Any number that is > the upper fence is the upper outlier.

In [36]:
import numpy as np

# Example dataset
data = np.array([7, 8, 5, 6, 3, 4, 9, 2, 1, 15])

# Step 1: Sort the data
sorted_data = np.sort(data)
print("Sorted data:", sorted_data)

# Step 2: Calculate quartiles
Q1 = np.percentile(sorted_data, 25)
Q2 = np.percentile(sorted_data, 50)  # Median
Q3 = np.percentile(sorted_data, 75)
print(f"Q1 (25th percentile): {Q1}")
print(f"Q2 (Median): {Q2}")
print(f"Q3 (75th percentile): {Q3}")

# Step 3: Interquartile Range (IQR)
IQR = Q3 - Q1
print(f"IQR: {IQR}")

# Step 4: Calculate outlier fences
lower_fence = Q1 - 1.5 * IQR
upper_fence = Q3 + 1.5 * IQR
print(f"Lower Fence: {lower_fence}")
print(f"Upper Fence: {upper_fence}")

# Step 5: Identify outliers
outliers = sorted_data[(sorted_data < lower_fence) | (sorted_data > upper_fence)]
print("Outliers:", outliers)


Sorted data: [ 1  2  3  4  5  6  7  8  9 15]
Q1 (25th percentile): 3.25
Q2 (Median): 5.5
Q3 (75th percentile): 7.75
IQR: 4.5
Lower Fence: -3.5
Upper Fence: 14.5
Outliers: [15]


#### Five-Number Summary

The five-number summary includes:

$$
\text{Min}, Q1, \text{Median}, Q3, \text{Max}
$$

```python
np.percentile(heights, [0, 25, 50, 75, 100])
```


## **3.6 Organizing Categorical Variables**

### **Frequency Tables (See Python Functions - `Group By` in Chapter 1)**

A **frequency table** counts occurrences in each category.  
A **relative frequency table** shows percentages.

In [38]:
import pandas as pd

# Example dataset
data = pd.Series(["Apple", "Banana", "Apple", "Orange", "Banana", "Apple", "Orange", "Orange"])
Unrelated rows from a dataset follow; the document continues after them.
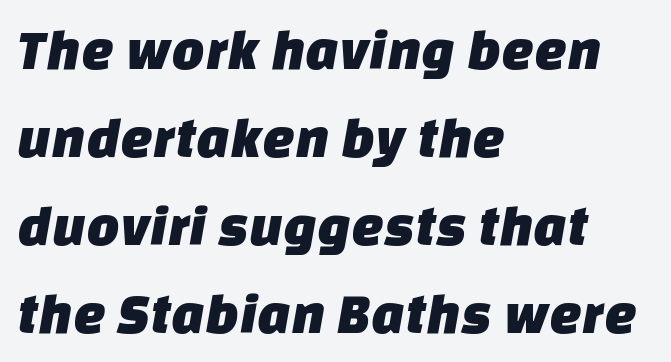
{"serif": "no", "width": "normal", "stroke_contrast": "low", "x_height": "large", "monospaced": "no", "underline": "no", "align": "left", "line_spacing": "normal", "line_spacing_ratio": 1.52, "letter_spacing": "normal", "letter_spacing_em": 0.0, "glyph_px": 58}
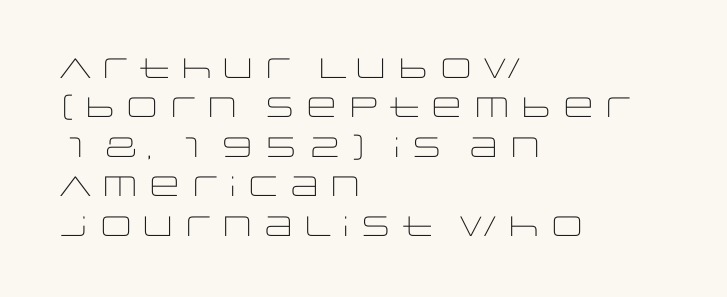
You could not count columns in this text — the font is proportionally spaced. Horizontally, the lines are justified to the leading edge only. Tracking here is standard; glyphs follow each other at the usual distance. The strokes are not fattened; the text isn't bold. Style check: upright.
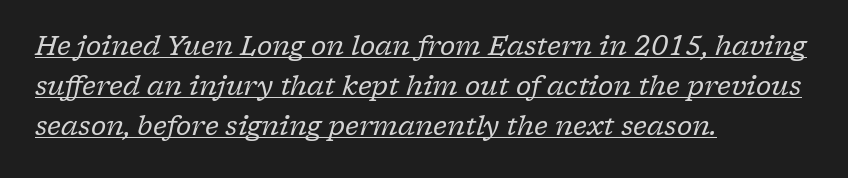
{"italic": "yes", "lean": "right", "slant_degrees": 17, "bold": "no", "underline": "yes", "align": "left", "line_spacing": "normal", "line_spacing_ratio": 1.54, "letter_spacing": "normal", "letter_spacing_em": 0.0, "glyph_px": 26}
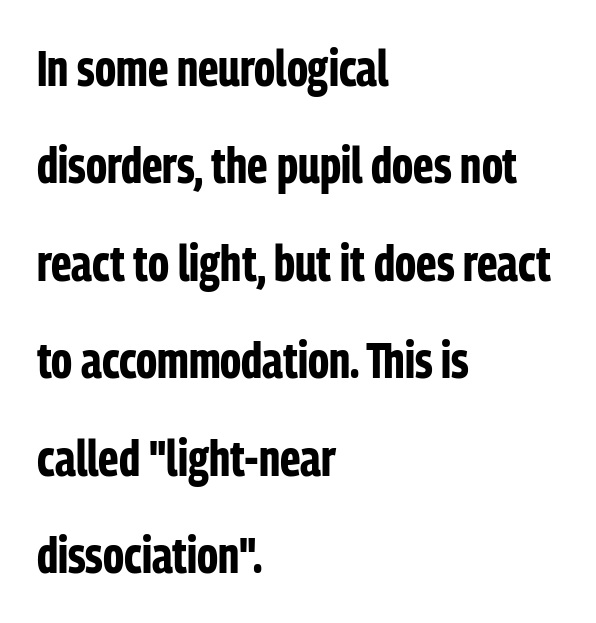
{"serif": "no", "italic": "no", "bold": "yes", "weight": "bold", "width": "condensed", "stroke_contrast": "low", "x_height": "medium", "monospaced": "no", "underline": "no", "align": "left", "line_spacing": "loose", "line_spacing_ratio": 1.95, "letter_spacing": "normal", "letter_spacing_em": 0.0, "glyph_px": 50}
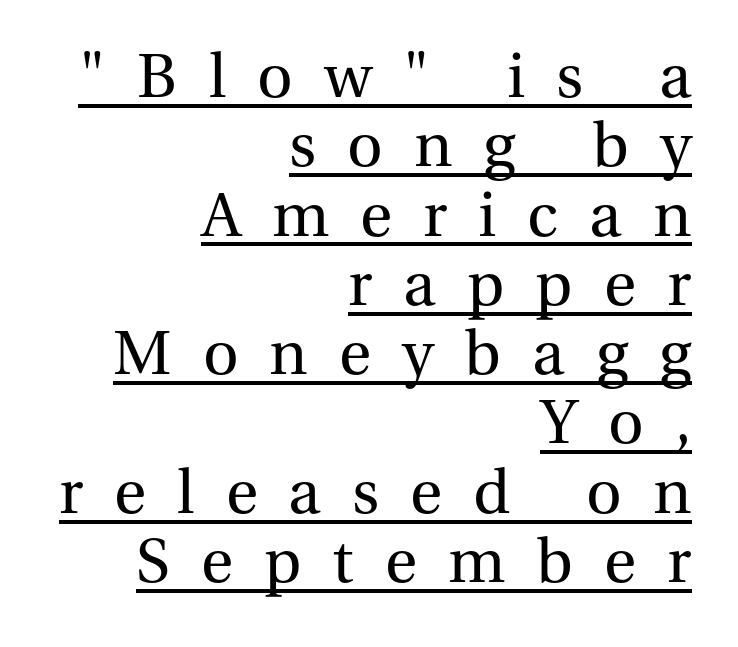
The image shows 66 px regular-weight serif type, upright; set right-aligned, tight line spacing (1.05x), unusually wide letter spacing (+0.47 em), underlined; medium stroke contrast and a medium x-height.

# Frequency table (counts)
freq_table = data.value_counts()
print("Frequency Table:")
print(freq_table)

# Relative frequency table (percentages)
rel_freq_table = data.value_counts(normalize=True) * 100
print("\nRelative Frequency Table (%):")
print(rel_freq_table)


Frequency Table:
Apple     3
Orange    3
Banana    2
Name: count, dtype: int64

Relative Frequency Table (%):
Apple     37.5
Orange    37.5
Banana    25.0
Name: proportion, dtype: float64


## **3.7 Visualizing Variables**



Visualizations provide insight into the structure of data.

- **Bar chart** → Categorical data comparison  
- **Pie chart** → Relative proportions  
- **Histogram** → Distribution of numerical data  
- **Boxplot** → Five-number summary and outliers  
- **Scatter plot** → Relationship between two variables  
- **Time series plot** → Trends over time  

Note: For further information, see Chapter 2: Data Visualization

### **2.8 Identifying Data Quality Issues**

## **3.8 Summary**

Descriptive statistics provide the foundation for exploratory data analysis. By calculating measures of central tendency, spread, and shape, and by visualizing variables, analysts can identify patterns, errors, and anomalies in the data before moving into predictive or prescriptive analytics.